I have an example project and need to search for strings using the stringr
package. In the example, to eliminate other case spellings I started with str_to_lower(example$remarks)
, which made the remarks all lower case. The remarks column describes residential properties.
I need to search for the word "shop". However, the word "shopping" is also in the remarks column and I don't want that word.
Some observations: a) Have only the word "shop"; b) Have only the word "shopping"; c) Have neither the words "shop" or "shopping"; d) Have BOTH the words "shop" & "shopping".
When using str_detect()
, I want it to give me a TRUE
for detecting the word "shop", but I DO NOT want it to give me a TRUE
for detecting the string "shop" within the word "shopping". Currently, if I run str_detect(example$remarks, "shop")
I get a TRUE
for both the words "shop" and "shopping". Effectively, I ONLY want a TRUE
for the 4-character string "shop" and if the characters "shop" appear but have any other characters after it like shop(ping), I want the code to exclude detecting it and not identifying it as TRUE
.
Also, if the remarks contain BOTH the words "shop" and "shopping", I would like the result to be TRUE
only for detecting "shop" but not "shopping".

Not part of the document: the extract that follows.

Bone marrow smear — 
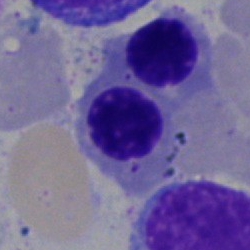Showing a nucleated red blood cell.

Ultimately, I'm hoping one line of code using str_detect()
can give me the result of:
- If the remarks observation has only the word "shop" =
TRUE
- If the remarks observation has only the word "shopping" =
FALSE
- If the remarks observation has neither the words "shop" or "shopping" =
FALSE
- If the remarks observation has both the words "shop" AND "shopping" =
TRUE
for detecting ONLY the 4-character string "shop" and it DOES not output aTRUE
because of the word "shopping".
I need all of the observations to remain in the dataset and cannot exclude them because I need to create a new column, which I have labeled shop_YN
, that give a "Yes" for observations with only the 4-character string "shop". Once I have the correct str_detect()
code, I plan to wrap the results in a mutate()
and if_else()
function as follows (except I don't know what to code to use inside str_detect()
to get the results I need):
shop_YN <- example %>% mutate(shop_YN = if_else(str_detect(example$remarks, ), "Yes", "No"))
Here is a sample of the data using the dput()
:
structure(list(price = c(195000, 213000, 215000, 240000, 241000,
250000, 255000, 256500, 260000, 263500, 265000, 277000, 280000,
280000, 150000), remarks = c("large home with a 1200 sf shop. great location close to shopping.",
"updated home close to shopping & schools.", "nice location. 2br home with updating.",
"huge shop on property!", "close to shopping.", "updated, clean, great location, garage.",
"close to shopping and massive shop on property.", "updated home near shopping, schools, restaurants.",
"large home with updated interior.", "close to schools, updated, stick-built shop 1500sf.",
"home and shop.", "near schools, shopping, restaurants. partially updated home.",
"located close to shopping. high quality home with shop in backyard.",
"brick 2-story. lots of shopping near by. detached garage and large shop in backyard.",
"fixer! needs work.")), row.names = c(NA, -15L), class = c("tbl_df",
"tbl", "data.frame"))